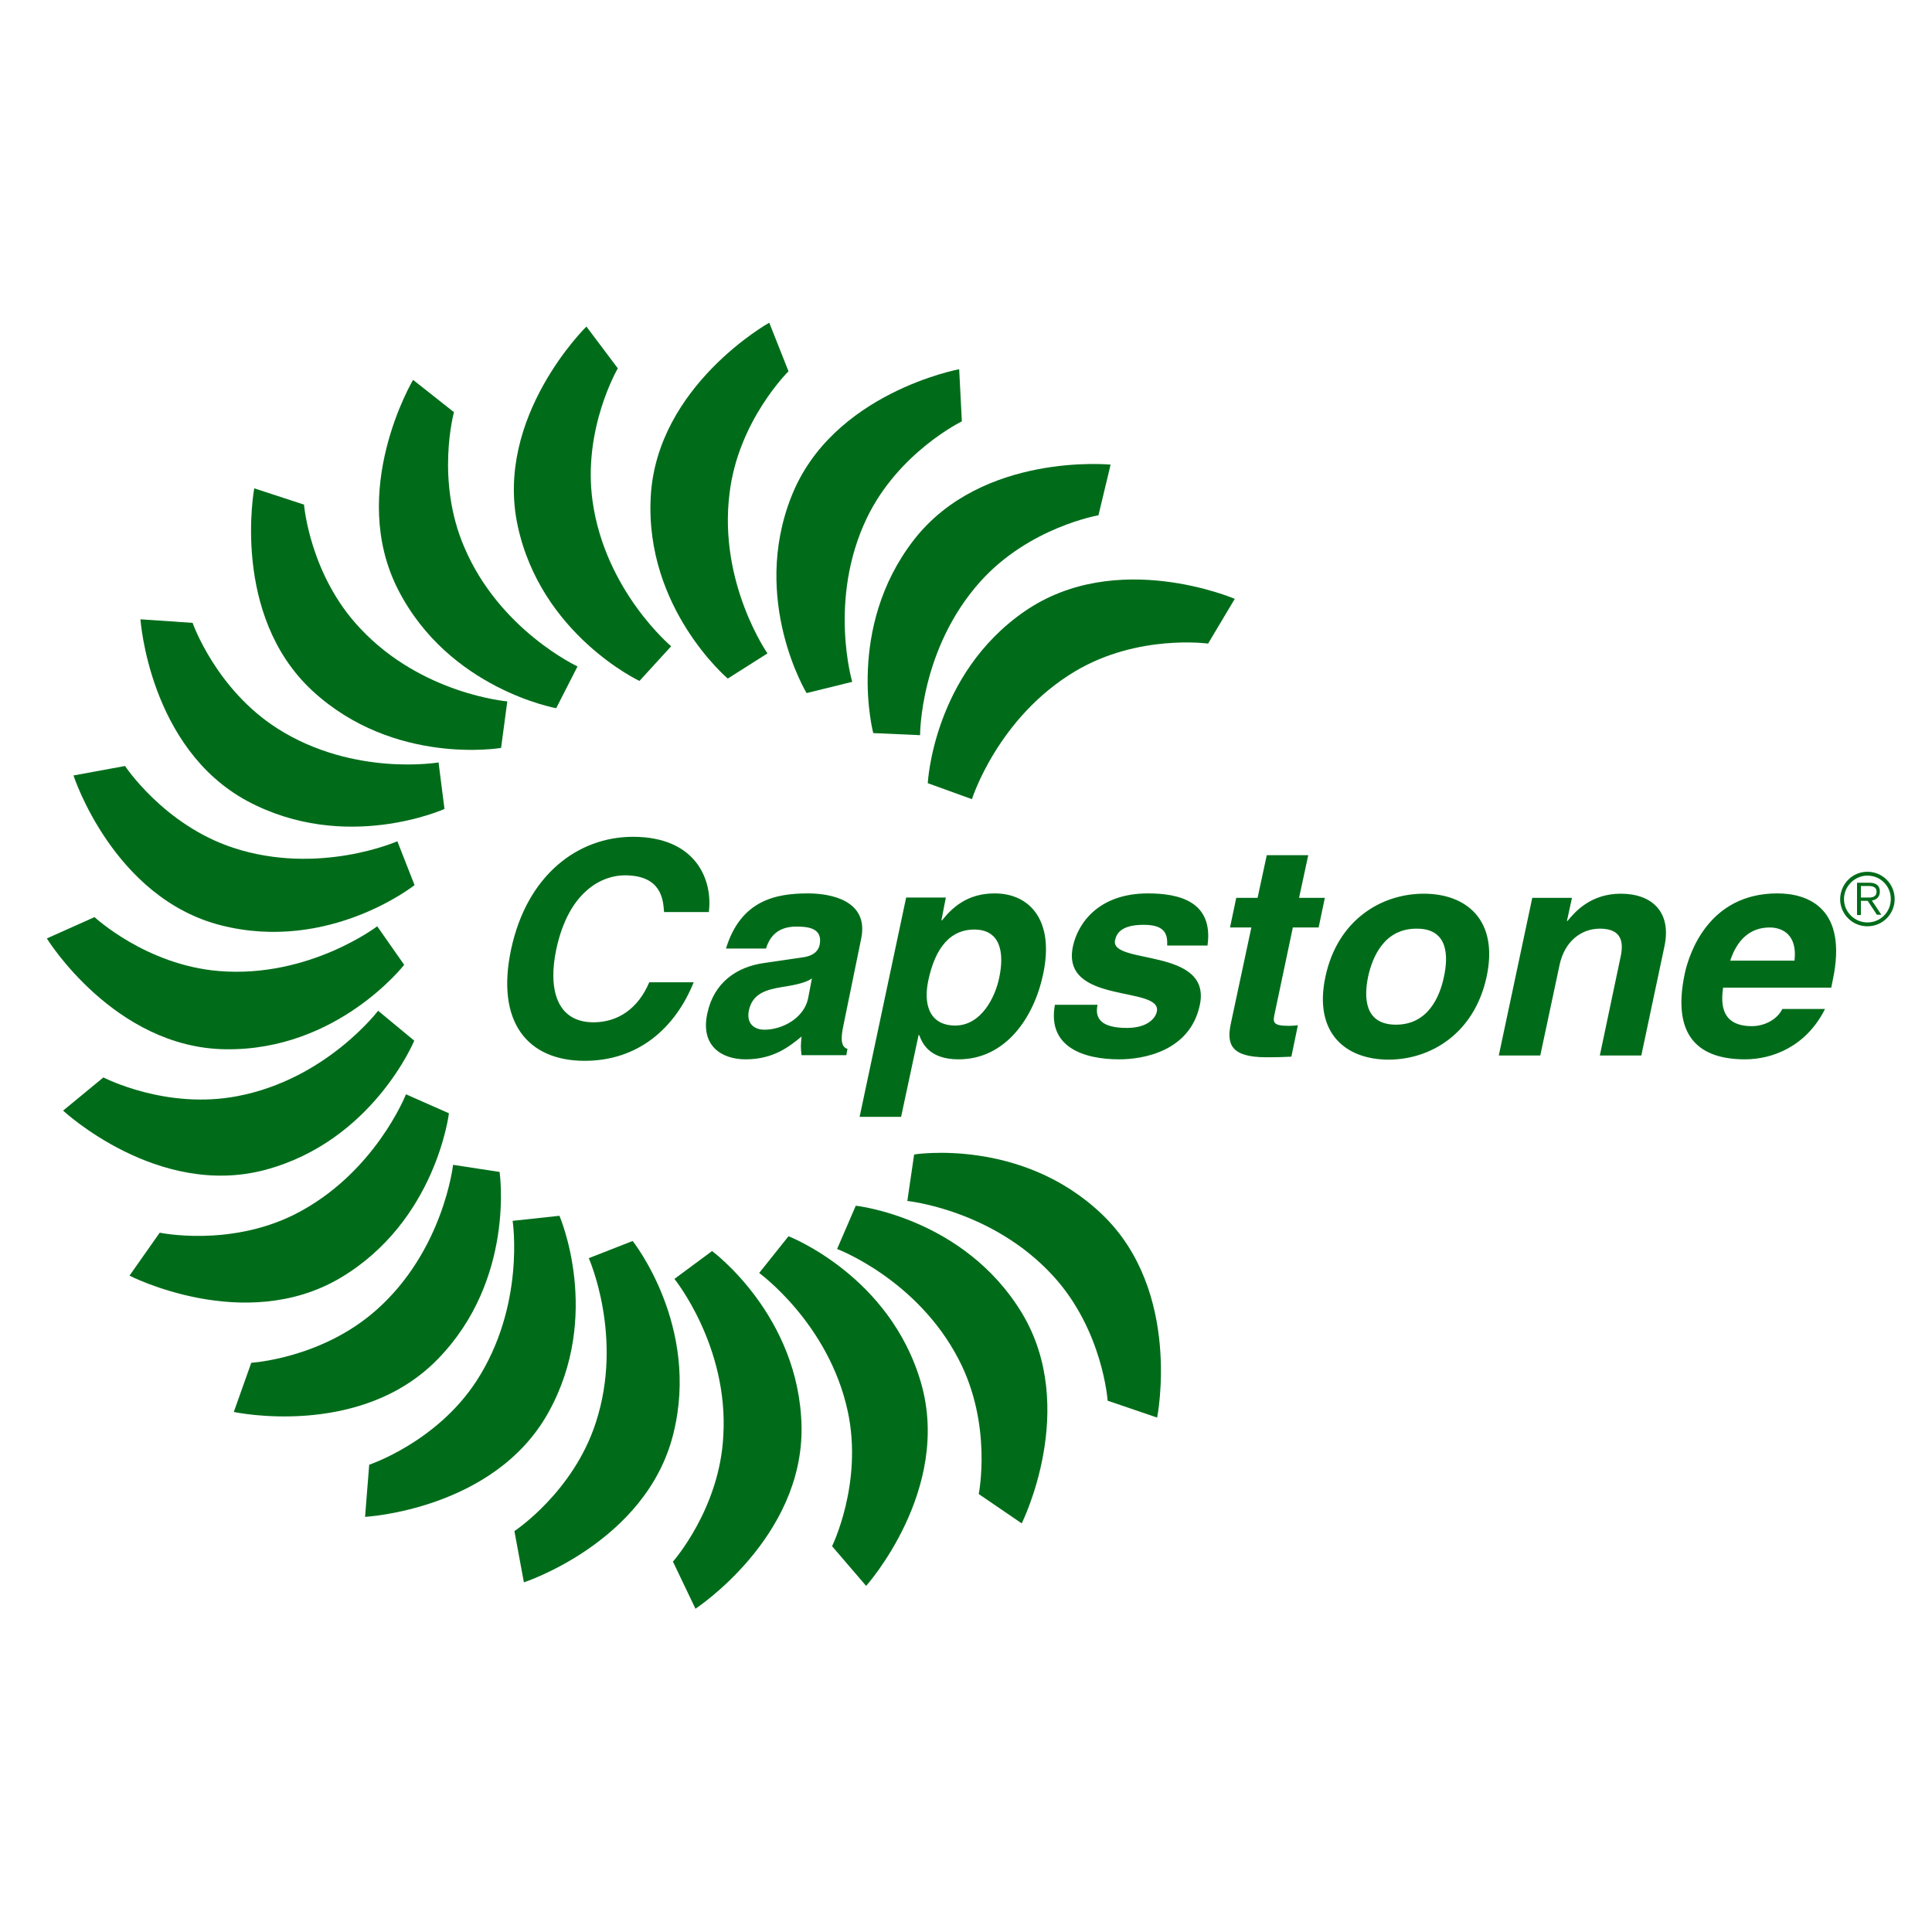 <?xml version="1.0" encoding="utf-8"?>
<!-- Generator: Adobe Illustrator 19.2.1, SVG Export Plug-In . SVG Version: 6.00 Build 0)  -->
<svg version="1.1" id="layer" xmlns="http://www.w3.org/2000/svg" xmlns:xlink="http://www.w3.org/1999/xlink" x="0px" y="0px"
	 viewBox="0 0 652 652" style="enable-background:new 0 0 652 652;" xml:space="preserve">
<style type="text/css">
	.st0{fill-rule:evenodd;clip-rule:evenodd;fill:#006C1A;}
	.st1{fill:#006C1A;}
</style>
<g>
	<path class="st0" d="M306.2,405.3l2.3-15.7c0,0,36.2-5.8,63.4,20.2c27.2,26,18.6,68.6,18.6,68.6l-16.7-5.7c0,0-1.6-23.7-18.3-42
		C335,408.2,306.2,405.3,306.2,405.3"/>
	<path class="st0" d="M282.5,421.5l6.3-14.6c0,0,36.4,3.9,56,36.1c19.5,32.2,0,71.1,0,71.1l-14.5-9.9c0,0,4.7-23.3-6.7-45.3
		C309.6,431.7,282.5,421.5,282.5,421.5"/>
	<path class="st0" d="M256.2,429.6l9.9-12.4c0,0,34.2,13.2,44.7,49.4c10.5,36.2-18.5,68.6-18.5,68.6l-11.5-13.4
		c0,0,10.5-21.3,5.3-45.5C279.7,446.6,256.2,429.6,256.2,429.6"/>
	<path class="st0" d="M227.6,431.6l12.7-9.4c0,0,29.5,21.7,30.2,59.3c0.6,37.6-35.8,61.4-35.8,61.4l-7.6-15.9c0,0,15.8-17.8,17-42.5
		C245.9,454.2,227.6,431.6,227.6,431.6"/>
	<path class="st0" d="M198.7,424.6l14.8-5.8c0,0,22.9,28.7,13.7,65.2c-9.1,36.5-50.4,50-50.4,50l-3.2-17.3c0,0,19.9-13.1,27.5-36.7
		C210.5,451.1,198.7,424.6,198.7,424.6"/>
	<path class="st0" d="M173,412l15.8-1.7c0,0,14.6,33.6-3.8,66.5c-18.3,32.8-61.8,35.1-61.8,35.1l1.4-17.6c0,0,22.6-7.5,36.1-28.1
		C177.4,440.6,173,412,173,412"/>
	<path class="st0" d="M152.9,393.1l15.7,2.4c0,0,5.4,36.3-20.9,63.2c-26.3,27-68.8,17.8-68.8,17.8l5.9-16.6c0,0,23.7-1.4,42.2-17.8
		C149.7,422,152.9,393.1,152.9,393.1"/>
	<path class="st0" d="M137,369.3l14.5,6.4c0,0-4.3,36.4-36.7,55.6c-32.4,19.1-71.1-0.8-71.1-0.8L53.9,416c0,0,23.3,4.9,45.4-6.1
		C126.4,396.3,137,369.3,137,369.3"/>
	<path class="st0" d="M127.6,341.1l12.2,10.1c0,0-14,33.9-50.3,43.6c-36.4,9.7-68.2-20-68.2-20l13.6-11.2c0,0,21.1,11,45.3,6.3
		C110.1,364.2,127.6,341.1,127.6,341.1"/>
	<path class="st0" d="M127.3,312.6l9.1,13c0,0-22.5,29-60.2,28.5c-37.6-0.4-60.4-37.4-60.4-37.4l16.1-7.2c0,0,17.4,16.2,42,18.2
		C104.2,330.2,127.3,312.6,127.3,312.6"/>
	<path class="st0" d="M134.1,283.9l5.8,14.8c0,0-28.7,22.8-65.2,13.6c-36.5-9.2-49.9-50.6-49.9-50.6l17.4-3.2
		c0,0,13.1,19.9,36.5,27.6C107.6,295.6,134.1,283.9,134.1,283.9"/>
	<path class="st0" d="M148,257.3l2,15.7c0,0-33.4,15.1-66.6-2.7c-33.1-17.9-36-61.3-36-61.3l17.6,1.2c0,0,7.8,22.4,28.7,35.7
		C119.4,262.2,148,257.3,148,257.3"/>
	<path class="st0" d="M171.2,236.7l-2.1,15.7c0,0-36.1,6.2-63.7-19.3c-27.6-25.6-19.6-68.3-19.6-68.3l16.8,5.5
		c0,0,1.9,23.7,18.9,41.7C142.3,234.3,171.2,236.7,171.2,236.7"/>
	<path class="st0" d="M194.9,224.9l-7.2,14.1c0,0-36.1-6.4-53.3-39.9c-17.2-33.5,5-70.9,5-70.9l13.8,10.9c0,0-6.3,22.9,3.5,45.6
		C168.6,212.7,194.9,224.9,194.9,224.9"/>
	<path class="st0" d="M226.5,218.1l-10.7,11.7c0,0-33.2-15.6-41.1-52.4c-7.9-36.8,23.2-67.2,23.2-67.2l10.6,14.1c0,0-12,20.5-8.5,45
		C204.3,199.5,226.5,218.1,226.5,218.1"/>
	<path class="st0" d="M259,220.5l-13.4,8.5c0,0-28-23.7-26-61.3c2-37.6,40-58.8,40-58.8l6.5,16.4c0,0-17,16.7-19.9,41.2
		C242.4,196.7,259,220.5,259,220.5"/>
	<path class="st0" d="M287.6,230.1l-15.4,3.8c0,0-19-31.4-5.1-66.4c13.8-35,56.6-42.9,56.6-42.9l0.9,17.6c0,0-21.4,10.4-32.1,32.7
		C279.4,202.3,287.6,230.1,287.6,230.1"/>
	<path class="st0" d="M310.5,248.1l-15.8-0.7c0,0-9.4-35.4,13.7-65.2c23.1-29.7,66.4-25.4,66.4-25.4l-4.1,17.1c0,0-23.4,4-39.9,22.4
		C310.4,219.1,310.5,248.1,310.5,248.1"/>
	<path class="st0" d="M328,269.7l-14.9-5.4c0,0,1.8-36.7,32.7-58c31-21.4,70.9-4.2,70.9-4.2l-9,15.1c0,0-23.6-3.3-44.8,9.3
		C336.7,242.1,328,269.7,328,269.7"/>
</g>
<g>
	<path class="st0" d="M239.2,307.8c1.4-10.6-4.1-25.4-25.6-25.4c-18.5,0-35.7,12.8-41.1,37.9c-5.3,24.8,5.7,37.7,24.8,37.7
		c18,0,30.5-10.9,36.8-26.5h-15c-3.7,8.8-10.5,13.5-18.8,13.5c-12.7,0-15.3-11.6-12.6-24.5c4.3-20.3,16-25.1,23.1-25.1
		c12.4,0,13,8.1,13.3,12.4H239.2z M290.6,316.9c2.8-13.1-10.4-15.4-17.9-15.4c-10.9,0-22.7,2.3-27.7,18.6h13.5
		c1-3.1,3.2-7.4,10.2-7.4c3.6,0,9.1,0.3,7.9,6.2c-0.7,3-3.5,3.9-5.8,4.2l-13,1.9c-9.2,1.3-16.9,6.6-19.1,17
		c-2.4,11,4.9,15.5,12.9,15.5c9.5,0,14.9-4.4,18.9-7.7c-0.3,3-0.3,3.8,0,6.3h15.1l0.4-2.1c-1.6-0.6-2.7-2-1.3-8.3L290.6,316.9z
		 M272.7,337c-1.4,6.5-8.5,10.5-14.8,10.5c-2.7,0-6.1-1.5-5.2-6.4c1.2-5.8,5.8-7.1,11.2-8c6-0.9,8.5-1.8,10.1-2.9L272.7,337z
		 M313.3,330.8c1.8-8.5,5.9-17.1,15.5-17.1c8.9,0,10.2,7.9,8.4,16.3c-1.3,6.3-5.9,16.1-14.9,16.1C313.4,346,311.6,338.6,313.3,330.8
		 M319.2,302.9h-13.4l-15.7,74h14l5.9-27.6h0.2c1.1,2.9,3.5,8.2,13.3,8.2c15.8,0,25.4-14,28.5-28.6c4-18.4-4.6-27.4-16.3-27.4
		c-9.4,0-14.4,4.9-17.8,9.1h-0.2L319.2,302.9z M407.5,319.1c2.1-15-9.8-17.6-20.1-17.6c-16.6,0-23.6,10-25.3,17.8
		c-4.3,19.9,30.2,13.2,28.3,22.1c-0.4,2-2.9,5.5-10.1,5.5c-8.8,0-10.9-3.3-9.9-7.8H356c-2.6,14.2,9.6,18.4,21.7,18.4
		c8.3,0,23.9-2.8,27.2-18.3c4.2-19.6-30.4-13.5-28.6-21.9c0.5-2.3,2.1-5.2,9.7-5.2c7.6,0,8,3.6,7.9,7H407.5z M441.5,288.6h-14
		l-3.1,14.4h-7.2l-2.1,10h7.2l-6.9,32.3c-1.5,6.9-0.2,11.5,11.9,11.5h1.8c2.2,0,4.4-0.1,6.7-0.2l2.2-10.6c-1,0.1-2,0.2-2.9,0.2
		c-5.7,0-5.6-1.2-4.9-4.3l6.1-28.9h8.7l2.1-10h-8.7L441.5,288.6z M501.7,329.6c4.1-19.2-6.9-28-21.2-28c-14.3,0-29.1,8.8-33.2,28
		c-4.1,19.2,7,28,21.3,28C482.9,357.6,497.6,348.7,501.7,329.6 M487.3,329.6c-1.4,6.8-5.4,16.2-16.2,16.2c-10.8,0-10.8-9.4-9.4-16.2
		c1.5-6.8,5.5-16.2,16.3-16.2C488.8,313.3,488.8,322.7,487.3,329.6 M561.7,319.4c2.5-11.7-4.3-17.8-14.7-17.8c-10.1,0-15.4,6-18,9.2
		h-0.2l1.7-7.8h-13.4l-11.3,53.2h14l6.5-30.5c1.7-8.1,7.4-12.3,13.6-12.3c8.9,0,7.7,6.6,6.8,10.5l-6.8,32.3h14L561.7,319.4z
		 M601.5,340.5c-1.9,3.8-6.3,5.8-10.3,5.8c-11.3,0-10.2-9-9.7-13h36.5l0.5-2.5c5.2-24.3-8.3-29.3-18.7-29.3
		c-23.3,0-29.8,20.5-31.2,26.9c-4.7,21.9,5.3,29.1,20.3,29.1c9.1,0,20.6-4.2,27-17H601.5z M583.9,324.2c2.3-7,6.7-11.2,13.3-11.2
		c4.5,0,9.4,2.6,8.4,11.2H583.9z"/>
	<path class="st1" d="M630.2,294.2c5.1,0,9.2,4.1,9.2,9.2c0,5.1-4.1,9.2-9.2,9.2c-5.1,0-9.2-4.1-9.2-9.2
		C621.1,298.3,625.1,294.2,630.2,294.2 M630.2,311.3c4.4,0,7.9-3.5,7.9-7.9c0-4.4-3.5-7.9-7.9-7.9c-4.3,0-7.9,3.6-7.9,7.9
		C622.3,307.8,625.9,311.3,630.2,311.3 M630.3,304H628v4.8h-1.3v-10.9h4.2c2.4,0,3.5,1.1,3.5,3c0,1.9-1.3,2.8-2.7,3l3.2,4.8h-1.5
		L630.3,304z M628,302.9h2.7c1.4,0,2.6-0.4,2.6-2c0-1.5-1.3-1.9-2.6-1.9H628V302.9z"/>
</g>
</svg>

========================

Every line where "style" appears must be returned from the listing above.

Answer section:
	 viewBox="0 0 652 652" style="enable-background:new 0 0 652 652;" xml:space="preserve">
<style type="text/css">
</style>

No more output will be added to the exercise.